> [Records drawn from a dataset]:

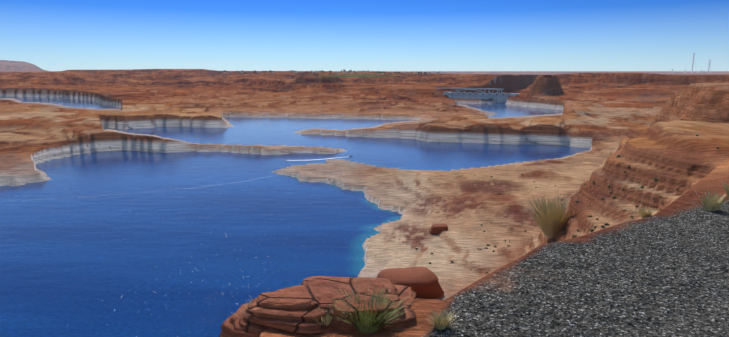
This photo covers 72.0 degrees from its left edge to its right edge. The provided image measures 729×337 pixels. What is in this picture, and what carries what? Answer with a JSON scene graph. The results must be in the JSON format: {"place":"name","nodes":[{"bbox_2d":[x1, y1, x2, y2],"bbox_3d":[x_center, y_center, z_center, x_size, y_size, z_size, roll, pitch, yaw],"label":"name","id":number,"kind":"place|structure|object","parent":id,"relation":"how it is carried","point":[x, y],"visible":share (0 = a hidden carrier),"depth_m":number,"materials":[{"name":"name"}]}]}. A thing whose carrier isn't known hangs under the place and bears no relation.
{"place":"outdoors","nodes":[
{"label":"outdoors","id":0,"kind":"place"},
{"bbox_2d":[0,97,589,336],"bbox_3d":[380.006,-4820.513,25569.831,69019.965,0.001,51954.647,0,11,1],"label":"lake water","id":1,"kind":"structure","parent":0,"point":[117,253],"depth_m":419.99,"materials":[{"name":"blue liquid"}]},
{"bbox_2d":[283,157,341,160],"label":"wake boat","id":2,"kind":"object","parent":1,"relation":"on","point":[314,159],"visible":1,"depth_m":725.01,"materials":[{"name":"white plastic"}]},
{"bbox_2d":[0,60,728,336],"bbox_3d":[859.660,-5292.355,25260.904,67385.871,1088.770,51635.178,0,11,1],"label":"desert terrain","id":3,"kind":"structure","parent":0,"point":[663,271],"depth_m":455.67,"materials":[{"name":"stone"}]},
{"bbox_2d":[219,297,258,336],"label":"ledge rock","id":4,"kind":"object","parent":3,"relation":"on","point":[227,328],"visible":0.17,"depth_m":222.80,"materials":[{"name":"red stone"}]},
{"bbox_2d":[233,292,334,335],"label":"ledge rock","id":5,"kind":"object","parent":3,"relation":"on","point":[295,312],"visible":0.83,"depth_m":3.36,"materials":[{"name":"red stone"}]},
{"bbox_2d":[314,305,338,325],"bbox_3d":[-0.264,0.996,3.333,0.275,0.122,0.231,0,11,1],"label":"grass tuft","id":6,"kind":"object","parent":5,"relation":"on","point":[327,316],"visible":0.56,"depth_m":3.30,"materials":[{"name":"green plant"}]},
{"bbox_2d":[272,285,360,309],"bbox_3d":[-0.344,0.971,3.604,0.968,0.150,0.538,0,11,1],"label":"ledge rock","id":7,"kind":"object","parent":3,"relation":"on","point":[328,295],"visible":0.27,"depth_m":3.63,"materials":[{"name":"red stone"}]},
{"bbox_2d":[223,71,440,73],"bbox_3d":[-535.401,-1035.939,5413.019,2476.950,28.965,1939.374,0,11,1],"label":"town houses","id":8,"kind":"structure","parent":3,"relation":"on","point":[316,72],"depth_m":5922.89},
{"bbox_2d":[218,70,446,73],"bbox_3d":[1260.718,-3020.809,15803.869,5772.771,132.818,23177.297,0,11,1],"label":"town trees","id":9,"kind":"object","parent":3,"relation":"on","point":[341,71],"visible":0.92,"depth_m":6056.12,"materials":[{"name":"green plant"}]},
{"bbox_2d":[301,276,416,307],"bbox_3d":[-0.117,0.948,3.789,1.100,0.158,0.523,0,11,1],"label":"ledge rock","id":10,"kind":"object","parent":3,"relation":"on","point":[385,284],"visible":0.38,"depth_m":3.80,"materials":[{"name":"red stone"}]},
{"bbox_2d":[329,294,415,329],"bbox_3d":[0.046,0.993,3.431,0.720,0.184,0.412,0,11,1],"label":"ledge rock","id":11,"kind":"object","parent":3,"relation":"on","point":[407,318],"visible":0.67,"depth_m":3.34,"materials":[{"name":"red stone"}]},
{"bbox_2d":[331,284,410,332],"bbox_3d":[0.047,0.958,3.290,0.553,0.211,0.594,0,11,1],"label":"grass tuft","id":12,"kind":"object","parent":11,"relation":"on","point":[364,324],"visible":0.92,"depth_m":3.26,"materials":[{"name":"green plant"}]},
{"bbox_2d":[377,267,443,298],"bbox_3d":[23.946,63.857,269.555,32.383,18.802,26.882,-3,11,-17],"label":"boulder","id":13,"kind":"object","parent":3,"relation":"on","point":[422,282],"visible":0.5,"depth_m":261.43,"materials":[{"name":"red stone"}]},
{"bbox_2d":[429,223,447,233],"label":"rock","id":14,"kind":"object","parent":3,"relation":"on","point":[436,228],"visible":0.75,"depth_m":362.74,"materials":[{"name":"red stone"}]},
{"bbox_2d":[424,309,458,329],"bbox_3d":[0.504,1.008,3.301,0.213,0.111,0.216,7,13,32],"label":"grass tuft","id":15,"kind":"object","parent":3,"relation":"on","point":[442,322],"visible":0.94,"depth_m":3.32,"materials":[{"name":"beige plant"}]},
{"bbox_2d":[435,88,503,92],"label":"steel arch bridge","id":16,"kind":"structure","parent":3,"relation":"on","point":[499,89],"depth_m":2175.98,"materials":[{"name":"grey metal"}]},
{"bbox_2d":[443,92,519,102],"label":"dam","id":17,"kind":"structure","parent":3,"relation":"on","point":[497,97],"depth_m":2035.89,"materials":[{"name":"concrete"}]},
{"bbox_2d":[333,134,718,272],"bbox_3d":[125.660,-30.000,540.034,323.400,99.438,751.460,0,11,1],"label":"green bushes","id":18,"kind":"object","parent":3,"relation":"on","point":[608,224],"visible":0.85,"depth_m":190.16,"materials":[{"name":"green plant"}]},
{"bbox_2d":[521,194,575,237],"bbox_3d":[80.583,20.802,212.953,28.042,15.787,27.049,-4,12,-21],"label":"grass tuft","id":19,"kind":"object","parent":3,"relation":"on","point":[549,215],"visible":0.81,"depth_m":209.18,"materials":[{"name":"beige plant"}]},
{"bbox_2d":[446,181,678,261],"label":"dry bushes","id":20,"kind":"object","parent":3,"relation":"on","point":[636,206],"visible":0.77,"depth_m":184.50,"materials":[{"name":"plant"}]},
{"bbox_2d":[636,206,658,217],"bbox_3d":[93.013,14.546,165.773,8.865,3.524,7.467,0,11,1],"label":"grass tuft","id":21,"kind":"object","parent":3,"relation":"on","point":[643,212],"visible":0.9,"depth_m":165.37,"materials":[{"name":"beige plant"}]},
{"bbox_2d":[682,53,696,72],"bbox_3d":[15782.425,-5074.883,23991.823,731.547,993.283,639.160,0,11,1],"label":"smokestack","id":22,"kind":"object","parent":3,"relation":"on","point":[692,63],"visible":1,"depth_m":24101.51,"materials":[{"name":"paint"}]},
{"bbox_2d":[695,191,728,210],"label":"grass tuft","id":23,"kind":"object","parent":3,"relation":"on","point":[714,203],"visible":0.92,"depth_m":6.42,"materials":[{"name":"plant"}]},
{"bbox_2d":[722,182,728,197],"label":"grass tuft","id":24,"kind":"object","parent":3,"relation":"on","point":[726,188],"visible":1,"depth_m":7.17,"materials":[{"name":"plant"}]},
{"bbox_2d":[0,0,728,70],"label":"sky","id":25,"kind":"structure","parent":0,"point":[50,35],"materials":[{"name":"blue"}]}
]}

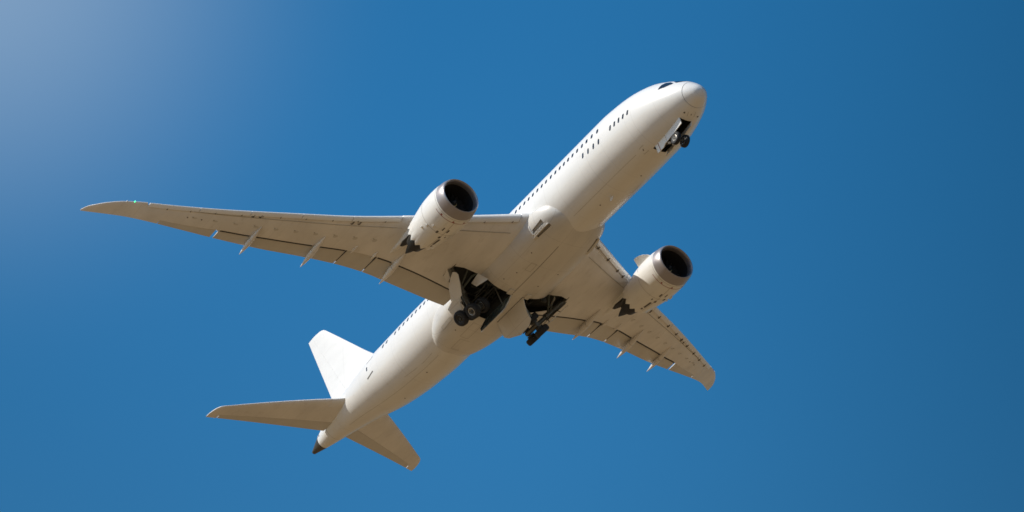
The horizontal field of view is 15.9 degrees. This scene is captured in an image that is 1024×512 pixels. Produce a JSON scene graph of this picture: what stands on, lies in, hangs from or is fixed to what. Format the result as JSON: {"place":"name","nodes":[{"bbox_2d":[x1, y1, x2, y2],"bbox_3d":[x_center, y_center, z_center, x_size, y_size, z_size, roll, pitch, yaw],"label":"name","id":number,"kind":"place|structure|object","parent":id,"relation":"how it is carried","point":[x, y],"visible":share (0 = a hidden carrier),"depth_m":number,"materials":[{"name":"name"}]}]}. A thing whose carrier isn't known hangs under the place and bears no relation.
{"place":"outdoors","nodes":[
{"label":"outdoors","id":0,"kind":"place"},
{"bbox_2d":[80,81,715,470],"bbox_3d":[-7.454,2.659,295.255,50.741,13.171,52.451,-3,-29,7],"label":"jet airliner","id":1,"kind":"object","parent":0,"point":[540,259],"visible":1,"depth_m":286.51,"materials":[{"name":"white paint"}]},
{"bbox_2d":[480,288,511,331],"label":"gear door","id":2,"kind":"structure","parent":1,"relation":"attached to","point":[502,306],"depth_m":286.90,"materials":[{"name":"paint"}]},
{"bbox_2d":[497,297,531,337],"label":"gear door","id":3,"kind":"structure","parent":1,"relation":"attached to","point":[517,320],"depth_m":288.24,"materials":[{"name":"paint"}]},
{"bbox_2d":[0,0,1023,511],"label":"sky","id":4,"kind":"structure","parent":0,"point":[844,201],"materials":[{"name":"blue"}]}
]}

> [What the exercise asks]: Up to and including the last line of the records above, print exactly every line from the one that contains "The horizontal field" onward.

> [Response box]:
The horizontal field of view is 15.9 degrees. This scene is captured in an image that is 1024×512 pixels. Produce a JSON scene graph of this picture: what stands on, lies in, hangs from or is fixed to what. Format the result as JSON: {"place":"name","nodes":[{"bbox_2d":[x1, y1, x2, y2],"bbox_3d":[x_center, y_center, z_center, x_size, y_size, z_size, roll, pitch, yaw],"label":"name","id":number,"kind":"place|structure|object","parent":id,"relation":"how it is carried","point":[x, y],"visible":share (0 = a hidden carrier),"depth_m":number,"materials":[{"name":"name"}]}]}. A thing whose carrier isn't known hangs under the place and bears no relation.
{"place":"outdoors","nodes":[
{"label":"outdoors","id":0,"kind":"place"},
{"bbox_2d":[80,81,715,470],"bbox_3d":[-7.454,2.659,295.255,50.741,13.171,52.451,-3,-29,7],"label":"jet airliner","id":1,"kind":"object","parent":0,"point":[540,259],"visible":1,"depth_m":286.51,"materials":[{"name":"white paint"}]},
{"bbox_2d":[480,288,511,331],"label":"gear door","id":2,"kind":"structure","parent":1,"relation":"attached to","point":[502,306],"depth_m":286.90,"materials":[{"name":"paint"}]},
{"bbox_2d":[497,297,531,337],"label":"gear door","id":3,"kind":"structure","parent":1,"relation":"attached to","point":[517,320],"depth_m":288.24,"materials":[{"name":"paint"}]},
{"bbox_2d":[0,0,1023,511],"label":"sky","id":4,"kind":"structure","parent":0,"point":[844,201],"materials":[{"name":"blue"}]}
]}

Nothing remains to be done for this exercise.